* TASK GOAL *
Exact duplicates of the lines from the top of the data through the line containing "80.339C122.26 80.339 123.067" are needed, with every picture left out.

----

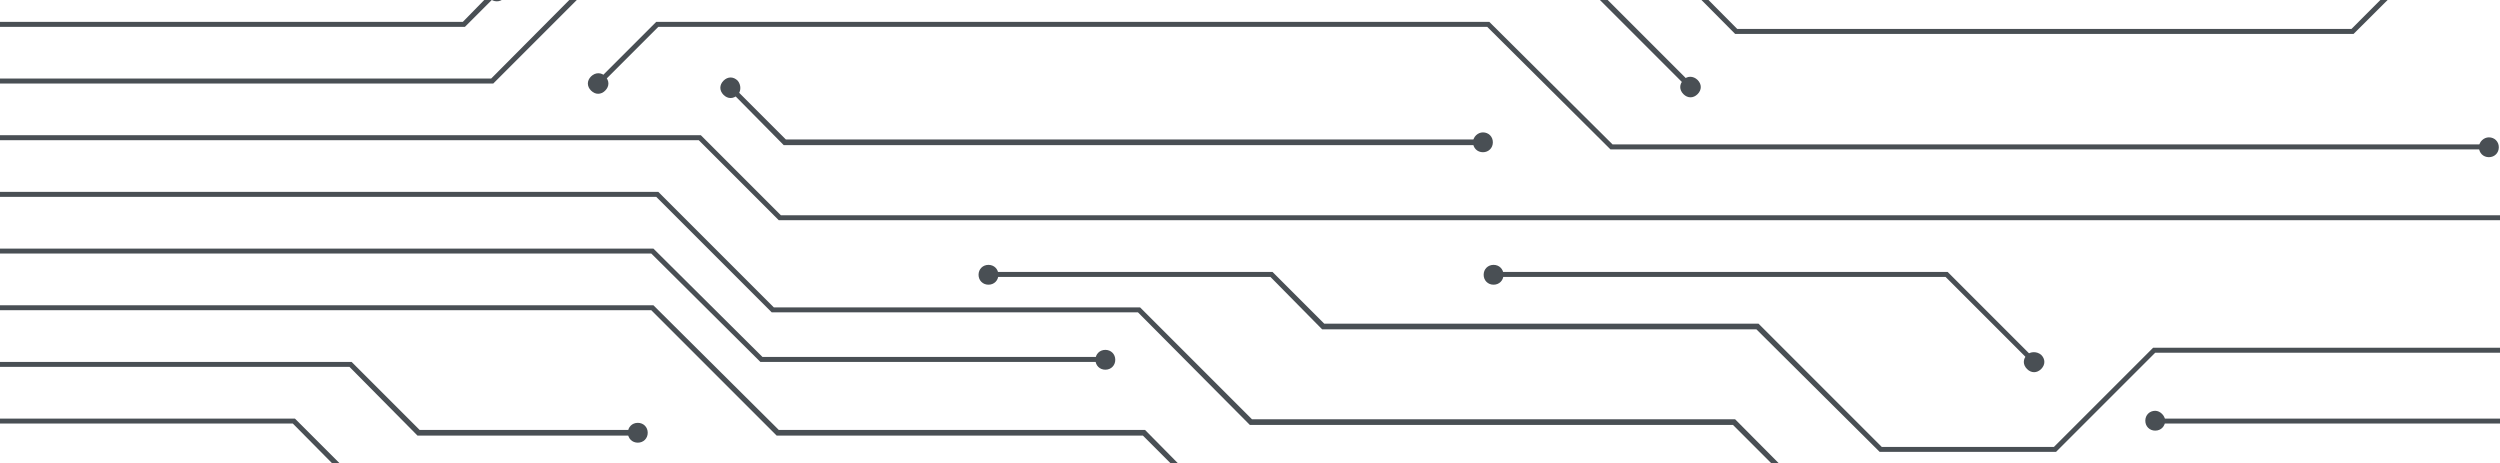 <?xml version="1.0" encoding="UTF-8"?>
<svg xmlns="http://www.w3.org/2000/svg" width="475" height="88" viewBox="0 0 475 88" fill="none">
  <path d="M56.036 79.532L-66.314 79.532V80.474L55.633 80.474L68.554 93.53H147.294V92.453H68.958L56.036 79.532Z" fill="#494F54"></path>
  <path d="M66.804 68.764L-66.314 68.764V69.706L66.4 69.706L79.322 82.762H121.317V81.685H79.726L66.804 68.764Z" fill="#494F54"></path>
  <path d="M121.183 80.339C122.26 80.339 123.067 81.147 123.067 82.224C123.067 83.3 122.26 84.108 121.183 84.108C120.106 84.108 119.298 83.3 119.298 82.224C119.298 81.147 120.106 80.339 121.183 80.339Z" fill="#494F54"></path>
  <path d="M124.143 57.996L-66.314 57.996V58.938L123.74 58.938L147.564 82.762L217.151 82.762L227.65 93.261L316.889 93.261V92.319L228.054 92.319L217.555 81.686L147.967 81.686L124.143 57.996Z" fill="#494F54"></path>
  <path d="M124.143 47.228L-66.314 47.228V48.17L123.74 48.17L144.468 68.763L210.152 68.763V67.821L144.872 67.821L124.143 47.228Z" fill="#494F54"></path>
  <path d="M210.017 66.475C211.094 66.475 211.902 67.283 211.902 68.36C211.902 69.437 211.094 70.244 210.017 70.244C208.94 70.244 208.133 69.437 208.133 68.36C208.133 67.283 208.94 66.475 210.017 66.475Z" fill="#494F54"></path>
  <path d="M125.086 36.46L-66.314 36.46V37.402L124.682 37.402L146.621 59.342L216.209 59.342L237.476 80.743H329.272L348.385 99.856L489.175 99.856V98.914L348.789 98.914L329.676 79.666H237.879L216.613 58.4L147.025 58.4L125.086 36.46Z" fill="#494F54"></path>
  <path d="M580.702 22.058L523.094 22.058L504.25 40.902L148.371 40.902L133.161 25.692L-66.314 25.692V26.634L132.758 26.634L147.967 41.844L504.654 41.844L523.498 23L580.702 23V22.058Z" fill="#494F54"></path>
  <path d="M295.622 -9.842L117.952 -9.842L93.32 14.924L-66.314 14.924V15.867L93.724 15.867L118.356 -8.765L295.218 -8.765L320.927 16.943L321.6 16.136L295.622 -9.842Z" fill="#494F54"></path>
  <path d="M322.542 15.194C323.35 16.001 323.35 17.078 322.542 17.886C321.735 18.693 320.658 18.693 319.85 17.886C319.043 17.078 319.043 16.001 319.85 15.194C320.523 14.386 321.735 14.386 322.542 15.194Z" fill="#494F54"></path>
  <path d="M94.128 -2.17L87.936 4.156L-66.314 4.156V5.099L88.34 5.099L94.801 -1.362L94.128 -2.17Z" fill="#494F54"></path>
  <path d="M94.398 -3.516C95.438 -3.516 96.282 -2.672 96.282 -1.631C96.282 -0.591 95.438 0.253 94.398 0.253C93.357 0.253 92.513 -0.591 92.513 -1.631C92.513 -2.672 93.357 -3.516 94.398 -3.516Z" fill="#494F54"></path>
  <path d="M282.97 4.156L124.682 4.156L113.241 15.597L113.914 16.27L125.086 5.099L282.567 5.099L305.987 28.384L473.024 28.384V27.442L306.39 27.442L282.97 4.156Z" fill="#494F54"></path>
  <path d="M112.299 14.52C111.491 15.328 111.491 16.405 112.299 17.212C113.107 18.02 114.183 18.02 114.991 17.212C115.799 16.405 115.799 15.328 114.991 14.52C114.318 13.713 113.107 13.713 112.299 14.52Z" fill="#494F54"></path>
  <path d="M472.889 26.096C473.966 26.096 474.774 26.904 474.774 27.98C474.774 29.057 473.966 29.865 472.889 29.865C471.813 29.865 471.005 29.057 471.005 27.98C471.005 26.904 471.947 26.096 472.889 26.096Z" fill="#494F54"></path>
  <path d="M139.084 16.27L138.411 16.943L148.909 27.577L281.893 27.577V26.5L149.313 26.5L139.084 16.27Z" fill="#494F54"></path>
  <path d="M140.161 15.328C139.353 14.521 138.277 14.521 137.469 15.328C136.661 16.136 136.661 17.213 137.469 18.02C138.277 18.828 139.353 18.828 140.161 18.02C140.834 17.347 140.834 16.136 140.161 15.328Z" fill="#494F54"></path>
  <path d="M281.758 25.154C282.835 25.154 283.643 25.961 283.643 27.038C283.643 28.115 282.835 28.923 281.758 28.923C280.682 28.923 279.874 28.115 279.874 27.038C279.874 25.961 280.816 25.154 281.758 25.154Z" fill="#494F54"></path>
  <path d="M532.247 51.266L490.387 51.266L475.581 66.072L409.089 66.072L390.245 84.916H357.538L334.118 61.496L251.609 61.496L241.783 51.67L187.674 51.67V52.612L241.379 52.612L251.205 62.572L333.714 62.572L357.134 85.858H390.649L409.493 67.014L475.985 67.014L490.791 52.208L532.247 52.208V51.266Z" fill="#494F54"></path>
  <path d="M187.809 50.324C186.732 50.324 185.924 51.132 185.924 52.208C185.924 53.285 186.732 54.093 187.809 54.093C188.885 54.093 189.693 53.285 189.693 52.208C189.693 51.132 188.885 50.324 187.809 50.324Z" fill="#494F54"></path>
  <path d="M370.056 51.67L283.644 51.67V52.612L369.652 52.612L386.208 69.168L386.881 68.495L370.056 51.67Z" fill="#494F54"></path>
  <path d="M283.778 50.324C282.701 50.324 281.894 51.131 281.894 52.208C281.894 53.285 282.701 54.093 283.778 54.093C284.855 54.093 285.662 53.285 285.662 52.208C285.662 51.131 284.855 50.324 283.778 50.324Z" fill="#494F54"></path>
  <path d="M387.823 67.418C388.63 68.225 388.63 69.302 387.823 70.11C387.015 70.918 385.938 70.918 385.131 70.11C384.323 69.302 384.323 68.225 385.131 67.418C385.804 66.745 387.015 66.745 387.823 67.418Z" fill="#494F54"></path>
  <path d="M494.829 79.532L409.359 79.532V80.474L494.425 80.474L504.655 90.704L505.328 90.031L494.829 79.532Z" fill="#494F54"></path>
  <path d="M409.493 78.051C408.416 78.051 407.609 78.859 407.609 79.936C407.609 81.013 408.416 81.82 409.493 81.82C410.57 81.82 411.378 81.013 411.378 79.936C411.378 78.993 410.435 78.051 409.493 78.051Z" fill="#494F54"></path>
  <path d="M491.329 -39.184L446.777 5.503L330.08 5.503L311.371 -13.341L310.698 -12.668L329.676 6.445L447.181 6.445L492.137 -38.377L491.329 -39.184Z" fill="#494F54"></path>
</svg>

----

* EXERCISE ANSWER *
 <?xml version="1.0" encoding="UTF-8"?>
<svg xmlns="http://www.w3.org/2000/svg" width="475" height="88" viewBox="0 0 475 88" fill="none">
  <path d="M56.036 79.532L-66.314 79.532V80.474L55.633 80.474L68.554 93.53H147.294V92.453H68.958L56.036 79.532Z" fill="#494F54"></path>
  <path d="M66.804 68.764L-66.314 68.764V69.706L66.4 69.706L79.322 82.762H121.317V81.685H79.726L66.804 68.764Z" fill="#494F54"></path>
  <path d="M121.183 80.339C122.26 80.339 123.067 81.147 123.067 82.224C123.067 83.3 122.26 84.108 121.183 84.108C120.106 84.108 119.298 83.3 119.298 82.224C119.298 81.147 120.106 80.339 121.183 80.339Z" fill="#494F54"></path>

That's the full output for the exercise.